A U.S. proposal to extend the arms embargo on Iran was defeated last week in the Security Council

Hamed Saber/Wikipedia

Anti-aircraft guns guarding the Natanz nuclear facility in Iran in 2006.

At the behest of President Donald Trump, Secretary of State Mike Pompeo will notify the U.N. Security Council in New York today that the U.S. is beginning the process of invoking the “snapback” mechanism, part of the 2015 Iran nuclear deal. Pompeo will also meet this afternoon with U.N. Secretary General Antonio Guterres at his private residence.

The process: Under the 2015 measure (UNSC 2231) endorsing the Joint Comprehensive Plan of Action, the U.S. could unilaterally reimpose all sanctions enacted by the international body if Iran violated the agreement. Once notice is given, a 30-day countdown to reimposing sanctions begins without the ability to veto the move. If a resolution to stop the snapback is introduced within 10 days, the body will meet to vote, but risks a U.S. veto. Speaking to reporters in Washington on Wednesday, Pompeo said the U.S.-led action will make it “a fully valid, enforceable U.N. Security Council resolution… it has a set of provisions, it has a set of rights and obligations, and we will be in full compliance with that.” 

Congressional backing: Richard Goldberg, a senior advisor at the Foundation for Defense of Democracies, told JI that the Trump administration has more public support following the Security Council’s rejection last week of the U.S. proposal to extend the arms embargo on Iran before it expires in October. “Pompeo offered that diplomatic path, willing to negotiate different languages to get the extension of the arms embargo without using the snapback,” explained Goldberg, who served last year as the National Security Council’s director for countering Iranian weapons of mass destruction. In May, 387 members of Congress signed onto a bipartisan congressional letter addressed to Pompeo, calling to extend the Iran arms embargo. Goldberg suggested Pompeo’s approach allows him to argue that the sanctions are a result of the body’s inaction on the arms embargo. 

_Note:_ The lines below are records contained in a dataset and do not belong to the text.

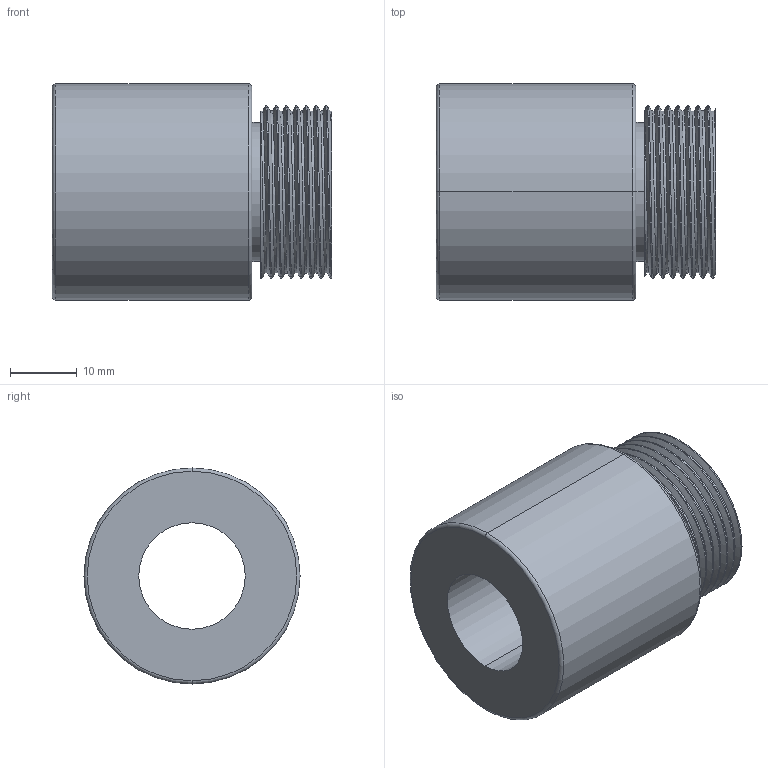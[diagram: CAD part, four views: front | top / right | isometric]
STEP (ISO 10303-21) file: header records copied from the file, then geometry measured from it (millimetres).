
FILE_DESCRIPTION (( 'STEP AP214' ), '1' );
FILE_NAME ('RSKR 1605.step', '2020-09-08T13:44:18', ( '' ), ( '' ), 'SwSTEP 2.0', 'SolidWorks 2020', '' );
FILE_SCHEMA (( 'AUTOMOTIVE_DESIGN' ));
Length unit declared in the file: millimetre
Products named in the file (1): RSKR 1605
Bounding box: 42 x 32.5 x 32.5 mm (x, y, z)
Volume: 22167.2 mm3; surface area: 8147.1 mm2
Topology: 1 solids, 1 shells, 34 faces, 85 edges, 55 vertices
Faces by surface type: cylinder 22, plane 5, torus 4, bspline 3
Entity records: 2653 total; most frequent: CARTESIAN_POINT 1898, ORIENTED_EDGE 170, DIRECTION 134, EDGE_CURVE 85, VERTEX_POINT 55, AXIS2_PLACEMENT_3D 55, EDGE_LOOP 38, ADVANCED_FACE 34
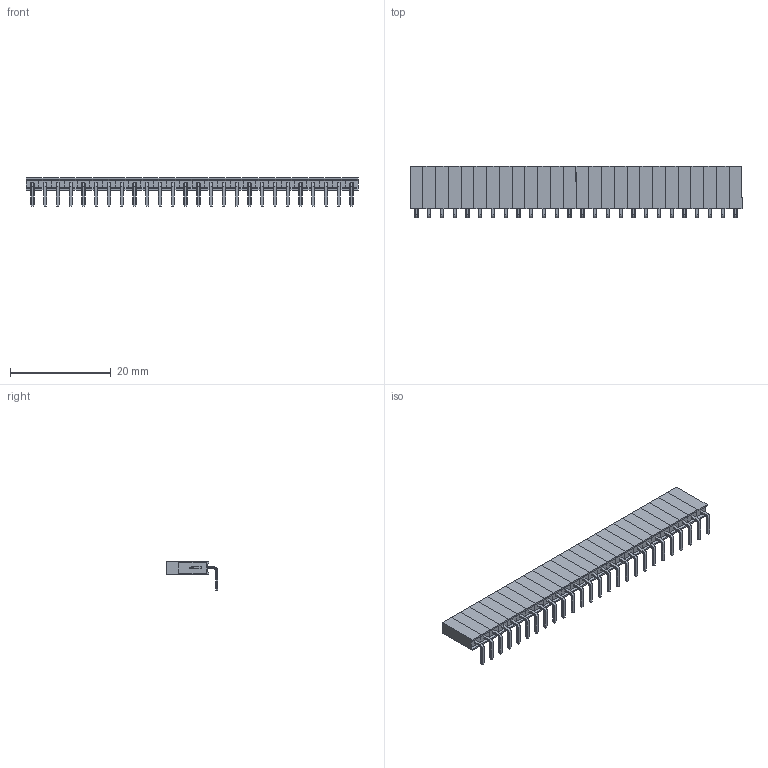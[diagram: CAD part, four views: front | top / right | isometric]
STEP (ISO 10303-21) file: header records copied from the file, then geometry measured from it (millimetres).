
FILE_DESCRIPTION(/* description */ (''),/* implementation_level */ '2;1');
FILE_NAME(/* name */ 'Female Pin Header 01x26 Right Angle.stp',/* time_stamp */ '2019-11-27T16:24:02+01:00',/* author */ ('Bernd das Brot'),/* organization */ (''),/* preprocessor_version */ 'ST-DEVELOPER v18',/* originating_system */ 'Autodesk Inventor 2020',/* authorisation */ '');
FILE_SCHEMA (('AUTOMOTIVE_DESIGN { 1 0 10303 214 3 1 1 }'));
Length unit declared in the file: millimetre
Products named in the file (2): Female Pin Header 01x26 Right Angle; Female Pin Header 1x Right Angle
Assembly tree (26 placements, depth 2):
  Female Pin Header 01x26 Right Angle
    Female Pin Header 1x Right Angle  x26
Bounding box: 66.04 x 10.3 x 5.74 mm (x, y, z)
Volume: 759.9 mm3; surface area: 4986.2 mm2
Topology: 26 solids, 26 shells, 4212 faces, 9724 edges, 5512 vertices
Faces by surface type: cylinder 1898, plane 1222, sphere 520, torus 468, bspline 104
Entity records: 5045 total; most frequent: DIRECTION 906, CARTESIAN_POINT 892, ORIENTED_EDGE 740, EDGE_CURVE 370, AXIS2_PLACEMENT_3D 354, VERTEX_POINT 212, LINE 198, VECTOR 198

Self-inflicted wounds: Ned Price, who served as a National Security Council spokesperson in the Obama administration, suggested Trump’s hand has been weakened by recent action. “The administration is now holding an even weaker set of cards after its historically humiliating defeat in the Security Council last week,” Price, who is now head of policy and communications at National Security Action, told JI. “What we’ve seen has not been a tactical failure — in other words, there was no maneuver that would’ve better served the administration’s interests. That’s because the table was largely set after the strategically disastrous decision to abandon the Iran deal and set about the course of so-called ‘maximum pressure.’ It’s a strategy that has backfired at every turn.”